Die Raumakustik im Forum, der Hauptbühne der HfMT, war bereits seit Jahrzehnten Gegenstand der Kritik gewesen. Verschiedene Bühnenformate im Repertoire eines Multisparten-Theaters bedürfen ganz unterschiedlicher raumakustischer Qualitäten. An die Qualität der Raumakustik in der nach Elbphilharmonie, Oper und Laeiszhalle wichtigsten Konzertspielstätte Hamburgs werden zunehmend hohe Maßstäbe angelegt. Zudem war auch die Ausstattung des Raumes mit zwei über der Bühne geflogenen Lautsprechersystemen nicht mehr ganz zeitgemäß, denn immerhin ist das Thema “Immersive Beschallung” bzw. “Spatial Audio” in aller Munde.

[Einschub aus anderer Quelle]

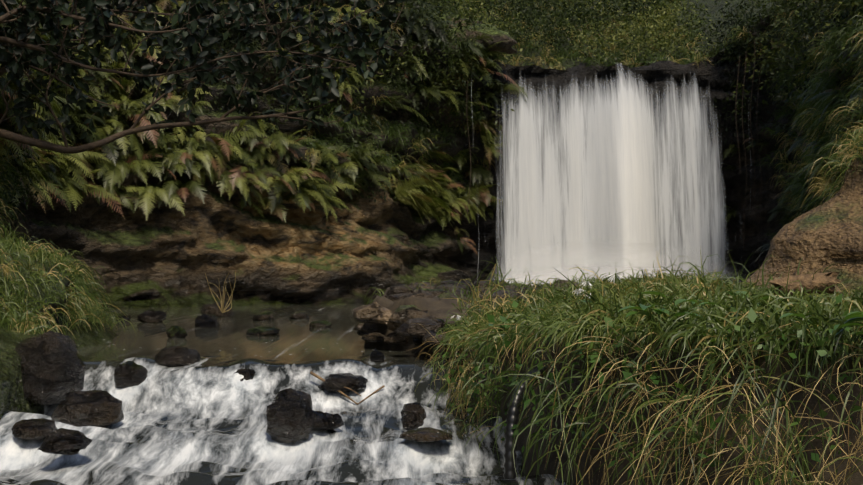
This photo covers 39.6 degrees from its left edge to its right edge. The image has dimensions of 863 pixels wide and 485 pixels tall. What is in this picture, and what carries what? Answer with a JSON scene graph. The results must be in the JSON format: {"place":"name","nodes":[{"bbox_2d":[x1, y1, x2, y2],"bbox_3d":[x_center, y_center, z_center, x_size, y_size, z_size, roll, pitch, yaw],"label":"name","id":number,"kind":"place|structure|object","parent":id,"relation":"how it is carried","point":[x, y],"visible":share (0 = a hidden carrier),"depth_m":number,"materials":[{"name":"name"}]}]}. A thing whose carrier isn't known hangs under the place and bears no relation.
{"place":"outdoors","nodes":[
{"label":"outdoors","id":0,"kind":"place"},
{"bbox_2d":[0,0,404,153],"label":"overhanging tree","id":1,"kind":"object","parent":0,"point":[235,66],"depth_m":11.73,"materials":[{"name":"green plant"}]},
{"bbox_2d":[77,304,419,354],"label":"pool water","id":2,"kind":"structure","parent":0,"point":[229,336],"depth_m":13.47,"materials":[{"name":"brown liquid"}]},
{"bbox_2d":[205,271,235,312],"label":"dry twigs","id":3,"kind":"object","parent":2,"relation":"on","point":[222,305],"visible":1,"depth_m":13.93,"materials":[{"name":"brown plant"}]},
{"bbox_2d":[492,238,745,285],"bbox_3d":[4.246,1.009,27.315,6.338,2.221,2.001,0,-1,-1],"label":"waterfall spray","id":4,"kind":"object","parent":2,"relation":"on","point":[592,266],"visible":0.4,"depth_m":26.97,"materials":[{"name":"white liquid"}]},
{"bbox_2d":[0,354,570,484],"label":"stream water","id":5,"kind":"structure","parent":0,"point":[203,421],"depth_m":7.70,"materials":[{"name":"white liquid"}]},
{"bbox_2d":[11,300,452,454],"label":"stream rocks","id":6,"kind":"object","parent":5,"relation":"on","point":[53,366],"visible":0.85,"depth_m":8.68,"materials":[{"name":"black stone"}]},
{"bbox_2d":[310,272,841,404],"bbox_3d":[0.857,0.685,8.269,3.764,0.973,0.226,-1,-1,23],"label":"dead wood","id":7,"kind":"object","parent":5,"relation":"on","point":[827,279],"visible":0.75,"depth_m":7.56,"materials":[{"name":"brown wood"}]},
{"bbox_2d":[0,0,862,419],"bbox_3d":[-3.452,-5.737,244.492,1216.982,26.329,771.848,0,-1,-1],"label":"rock cliff","id":8,"kind":"structure","parent":0,"point":[164,254],"depth_m":25.40,"materials":[{"name":"brown stone"}]},
{"bbox_2d":[0,0,862,261],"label":"ferns","id":9,"kind":"object","parent":8,"relation":"on","point":[66,165],"visible":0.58,"depth_m":24.09,"materials":[{"name":"green plant"}]},
{"bbox_2d":[0,0,862,337],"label":"cliff grass","id":10,"kind":"structure","parent":8,"relation":"on","point":[846,148],"depth_m":20.80,"materials":[{"name":"green plant"}]},
{"bbox_2d":[0,0,862,230],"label":"ivy leaves","id":11,"kind":"object","parent":8,"relation":"on","point":[822,7],"visible":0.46,"depth_m":28.50,"materials":[{"name":"green plant"}]},
{"bbox_2d":[434,13,517,57],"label":"ledge rocks","id":12,"kind":"object","parent":8,"relation":"on","point":[506,44],"visible":0.42,"depth_m":28.83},
{"bbox_2d":[466,83,752,278],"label":"waterfall rivulets","id":13,"kind":"structure","parent":8,"relation":"on","point":[477,198],"depth_m":28.27,"materials":[{"name":"white liquid"}]},
{"bbox_2d":[484,66,740,283],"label":"waterfall","id":14,"kind":"structure","parent":8,"relation":"on","point":[607,166],"depth_m":29.09,"materials":[{"name":"white liquid"}]},
{"bbox_2d":[466,40,761,262],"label":"hanging vines","id":15,"kind":"object","parent":8,"relation":"hanging from","point":[737,138],"visible":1,"depth_m":28.45,"materials":[{"name":"green plant"}]},
{"bbox_2d":[364,249,862,484],"bbox_3d":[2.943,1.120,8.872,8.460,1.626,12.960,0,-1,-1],"label":"bank ground","id":16,"kind":"structure","parent":0,"point":[438,308],"depth_m":5.69,"materials":[{"name":"green plant"}]},
{"bbox_2d":[353,279,594,362],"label":"outcrop rocks","id":17,"kind":"object","parent":16,"relation":"on","point":[399,320],"visible":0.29,"depth_m":10.88,"materials":[{"name":"brown stone"}]},
{"bbox_2d":[503,366,555,478],"bbox_3d":[0.527,0.961,6.466,0.080,0.558,0.560,-1,-1,30],"label":"caterpillar","id":18,"kind":"object","parent":16,"relation":"on","point":[513,412],"visible":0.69,"depth_m":6.27,"materials":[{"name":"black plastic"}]},
{"bbox_2d":[456,273,620,323],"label":"onion weed stalks","id":19,"kind":"object","parent":16,"relation":"on","point":[591,291],"visible":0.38,"depth_m":6.88,"materials":[{"name":"green plant"}]},
{"bbox_2d":[451,274,622,319],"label":"onion weed flowers","id":20,"kind":"object","parent":19,"relation":"attached to","point":[584,283],"visible":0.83,"depth_m":6.87,"materials":[{"name":"white plant"}]},
{"bbox_2d":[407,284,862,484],"bbox_3d":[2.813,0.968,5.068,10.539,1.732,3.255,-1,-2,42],"label":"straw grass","id":21,"kind":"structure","parent":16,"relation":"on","point":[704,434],"depth_m":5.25,"materials":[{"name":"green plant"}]},
{"bbox_2d":[436,294,862,484],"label":"bank weeds","id":22,"kind":"object","parent":16,"relation":"on","point":[751,315],"visible":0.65,"depth_m":5.72,"materials":[{"name":"green plant"}]},
{"bbox_2d":[578,291,862,334],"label":"broad leaves","id":23,"kind":"object","parent":16,"relation":"on","point":[852,318],"visible":0.52,"depth_m":5.49,"materials":[{"name":"green plant"}]},
{"bbox_2d":[647,300,862,346],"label":"broad leaf stalks","id":24,"kind":"object","parent":16,"relation":"on","point":[831,338],"visible":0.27,"depth_m":4.87,"materials":[{"name":"green plant"}]}
]}

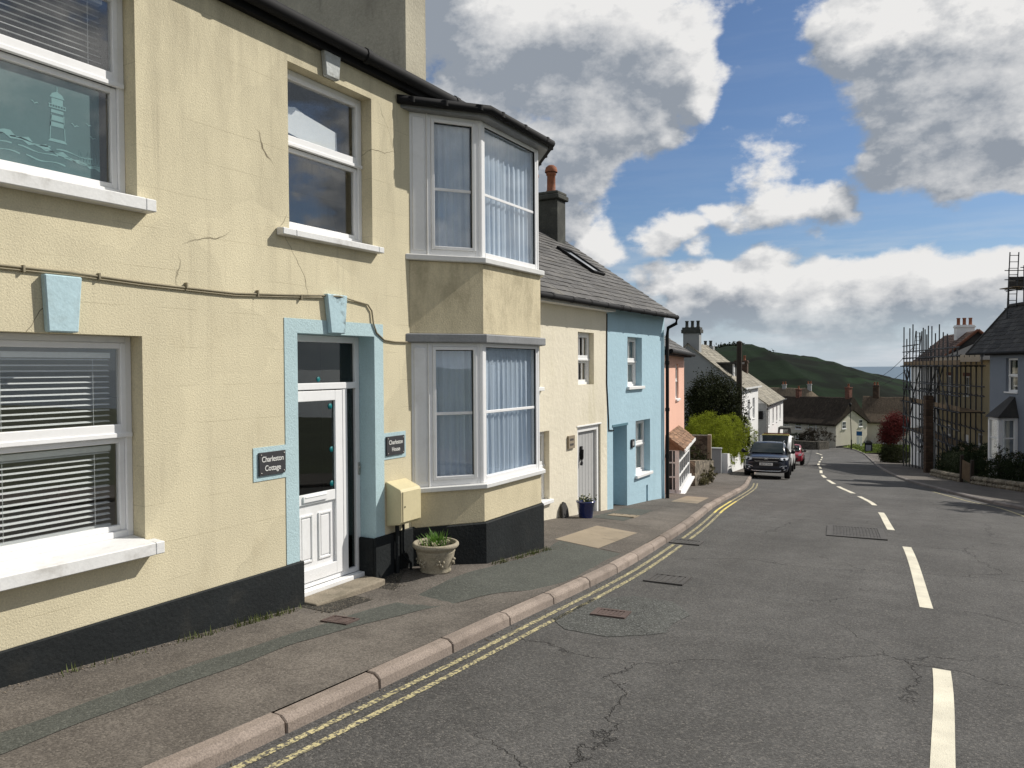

Mit der Förderung als „Innovative Hochschule” wurde nun eine Verbesserung der Raumakustik auf elektroakustischem Wege ein erreichbares Ziel. Tatsächlich ist diese Installation das umfangreichste Teilprojekt eines Paketes von insgesamt 15 Bestandteilen des Projektes “Stage 2.0”, das über einen Zeitraum von fünf Jahren läuft. Dazu gehört auch, um nur ein weiteres Projekt zu nennen, das Innovationslabor, das neue interaktive Bühnenformate entwickeln soll, etwa mit Sensorsystemen mit denen sich Video und Soundeffekte steuern lassen bis hin zu den neuen hybriden Musikinstrumenten.
Der Wunsch nach einer flexiblen Beeinflussung der Raumakustik ist eigentlich schon alt, so Prof. Dr. Georg Hajdu, Professor für multimediale Komposition an der Hochschule für Musik und Theater Hamburg. Schon von Beginn an war der Einsatz eines elektronischen Raumakustik-Systems vorgesehen. In den achtziger Jahren soll dem Vernehmen nach ein Philips-System im Gespräch gewesen sein, das angedachte Projekt war aber dann wohl mangels passendem Budget nicht realisiert worden. Zwischenzeitlich wurde ein akustisch/mechanisches System eingebaut – variable Raumakustik also – das aber die Probleme des Raums nicht beseitigen konnte.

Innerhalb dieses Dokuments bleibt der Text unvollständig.